INSTRUCTIONS TO FOLLOW ▸
The response must consist of all the entries, duplicated without alteration.

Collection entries
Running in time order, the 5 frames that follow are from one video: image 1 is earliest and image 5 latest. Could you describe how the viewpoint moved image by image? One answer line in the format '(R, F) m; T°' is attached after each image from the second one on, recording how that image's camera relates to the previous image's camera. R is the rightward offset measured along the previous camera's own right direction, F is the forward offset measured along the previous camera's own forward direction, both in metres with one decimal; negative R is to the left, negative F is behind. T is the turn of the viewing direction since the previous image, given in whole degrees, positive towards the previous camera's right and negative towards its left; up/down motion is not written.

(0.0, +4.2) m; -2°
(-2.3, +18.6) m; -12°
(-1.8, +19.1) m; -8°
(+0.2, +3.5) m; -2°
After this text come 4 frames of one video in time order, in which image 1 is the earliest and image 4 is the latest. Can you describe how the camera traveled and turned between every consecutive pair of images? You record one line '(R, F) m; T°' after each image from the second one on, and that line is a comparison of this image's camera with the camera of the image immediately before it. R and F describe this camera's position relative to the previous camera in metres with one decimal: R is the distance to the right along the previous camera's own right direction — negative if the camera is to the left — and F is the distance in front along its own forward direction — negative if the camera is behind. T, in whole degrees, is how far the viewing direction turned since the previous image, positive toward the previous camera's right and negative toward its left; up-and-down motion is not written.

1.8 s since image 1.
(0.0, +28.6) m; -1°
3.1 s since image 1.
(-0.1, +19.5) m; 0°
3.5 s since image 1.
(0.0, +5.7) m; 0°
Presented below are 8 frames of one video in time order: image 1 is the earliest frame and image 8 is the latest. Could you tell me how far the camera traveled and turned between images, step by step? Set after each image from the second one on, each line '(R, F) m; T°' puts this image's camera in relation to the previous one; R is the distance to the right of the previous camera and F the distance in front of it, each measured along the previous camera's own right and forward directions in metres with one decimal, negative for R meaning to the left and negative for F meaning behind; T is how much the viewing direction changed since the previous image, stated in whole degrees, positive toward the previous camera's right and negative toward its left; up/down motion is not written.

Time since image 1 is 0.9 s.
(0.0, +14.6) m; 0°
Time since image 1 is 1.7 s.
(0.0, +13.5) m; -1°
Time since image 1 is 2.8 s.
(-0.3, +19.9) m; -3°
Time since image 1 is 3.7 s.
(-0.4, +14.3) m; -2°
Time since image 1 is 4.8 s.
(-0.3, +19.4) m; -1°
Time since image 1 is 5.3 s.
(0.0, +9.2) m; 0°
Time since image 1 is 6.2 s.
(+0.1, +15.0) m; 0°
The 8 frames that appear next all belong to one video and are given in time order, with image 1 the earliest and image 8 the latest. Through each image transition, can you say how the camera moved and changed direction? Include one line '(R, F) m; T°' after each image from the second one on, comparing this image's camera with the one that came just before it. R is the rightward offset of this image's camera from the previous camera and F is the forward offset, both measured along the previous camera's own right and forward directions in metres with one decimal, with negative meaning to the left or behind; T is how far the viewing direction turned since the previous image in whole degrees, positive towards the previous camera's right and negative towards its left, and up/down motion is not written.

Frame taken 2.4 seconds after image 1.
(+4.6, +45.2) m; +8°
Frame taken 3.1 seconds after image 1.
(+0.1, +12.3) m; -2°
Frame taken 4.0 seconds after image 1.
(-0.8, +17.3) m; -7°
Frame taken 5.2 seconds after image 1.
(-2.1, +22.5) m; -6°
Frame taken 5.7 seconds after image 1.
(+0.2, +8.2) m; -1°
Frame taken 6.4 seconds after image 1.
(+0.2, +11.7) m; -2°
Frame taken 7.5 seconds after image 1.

TASK SOLUTION ▸
Running in time order, the 5 frames that follow are from one video: image 1 is earliest and image 5 latest. Could you describe how the viewpoint moved image by image? One answer line in the format '(R, F) m; T°' is attached after each image from the second one on, recording how that image's camera relates to the previous image's camera. R is the rightward offset measured along the previous camera's own right direction, F is the forward offset measured along the previous camera's own forward direction, both in metres with one decimal; negative R is to the left, negative F is behind. T is the turn of the viewing direction since the previous image, given in whole degrees, positive towards the previous camera's right and negative towards its left; up/down motion is not written.

(0.0, +4.2) m; -2°
(-2.3, +18.6) m; -12°
(-1.8, +19.1) m; -8°
(+0.2, +3.5) m; -2°
After this text come 4 frames of one video in time order, in which image 1 is the earliest and image 4 is the latest. Can you describe how the camera traveled and turned between every consecutive pair of images? You record one line '(R, F) m; T°' after each image from the second one on, and that line is a comparison of this image's camera with the camera of the image immediately before it. R and F describe this camera's position relative to the previous camera in metres with one decimal: R is the distance to the right along the previous camera's own right direction — negative if the camera is to the left — and F is the distance in front along its own forward direction — negative if the camera is behind. T, in whole degrees, is how far the viewing direction turned since the previous image, positive toward the previous camera's right and negative toward its left; up-and-down motion is not written.

1.8 s since image 1.
(0.0, +28.6) m; -1°
3.1 s since image 1.
(-0.1, +19.5) m; 0°
3.5 s since image 1.
(0.0, +5.7) m; 0°
Presented below are 8 frames of one video in time order: image 1 is the earliest frame and image 8 is the latest. Could you tell me how far the camera traveled and turned between images, step by step? Set after each image from the second one on, each line '(R, F) m; T°' puts this image's camera in relation to the previous one; R is the distance to the right of the previous camera and F the distance in front of it, each measured along the previous camera's own right and forward directions in metres with one decimal, negative for R meaning to the left and negative for F meaning behind; T is how much the viewing direction changed since the previous image, stated in whole degrees, positive toward the previous camera's right and negative toward its left; up/down motion is not written.

Time since image 1 is 0.9 s.
(0.0, +14.6) m; 0°
Time since image 1 is 1.7 s.
(0.0, +13.5) m; -1°
Time since image 1 is 2.8 s.
(-0.3, +19.9) m; -3°
Time since image 1 is 3.7 s.
(-0.4, +14.3) m; -2°
Time since image 1 is 4.8 s.
(-0.3, +19.4) m; -1°
Time since image 1 is 5.3 s.
(0.0, +9.2) m; 0°
Time since image 1 is 6.2 s.
(+0.1, +15.0) m; 0°
The 8 frames that appear next all belong to one video and are given in time order, with image 1 the earliest and image 8 the latest. Through each image transition, can you say how the camera moved and changed direction? Include one line '(R, F) m; T°' after each image from the second one on, comparing this image's camera with the one that came just before it. R is the rightward offset of this image's camera from the previous camera and F is the forward offset, both measured along the previous camera's own right and forward directions in metres with one decimal, with negative meaning to the left or behind; T is how far the viewing direction turned since the previous image in whole degrees, positive towards the previous camera's right and negative towards its left, and up/down motion is not written.

Frame taken 2.4 seconds after image 1.
(+4.6, +45.2) m; +8°
Frame taken 3.1 seconds after image 1.
(+0.1, +12.3) m; -2°
Frame taken 4.0 seconds after image 1.
(-0.8, +17.3) m; -7°
Frame taken 5.2 seconds after image 1.
(-2.1, +22.5) m; -6°
Frame taken 5.7 seconds after image 1.
(+0.2, +8.2) m; -1°
Frame taken 6.4 seconds after image 1.
(+0.2, +11.7) m; -2°
Frame taken 7.5 seconds after image 1.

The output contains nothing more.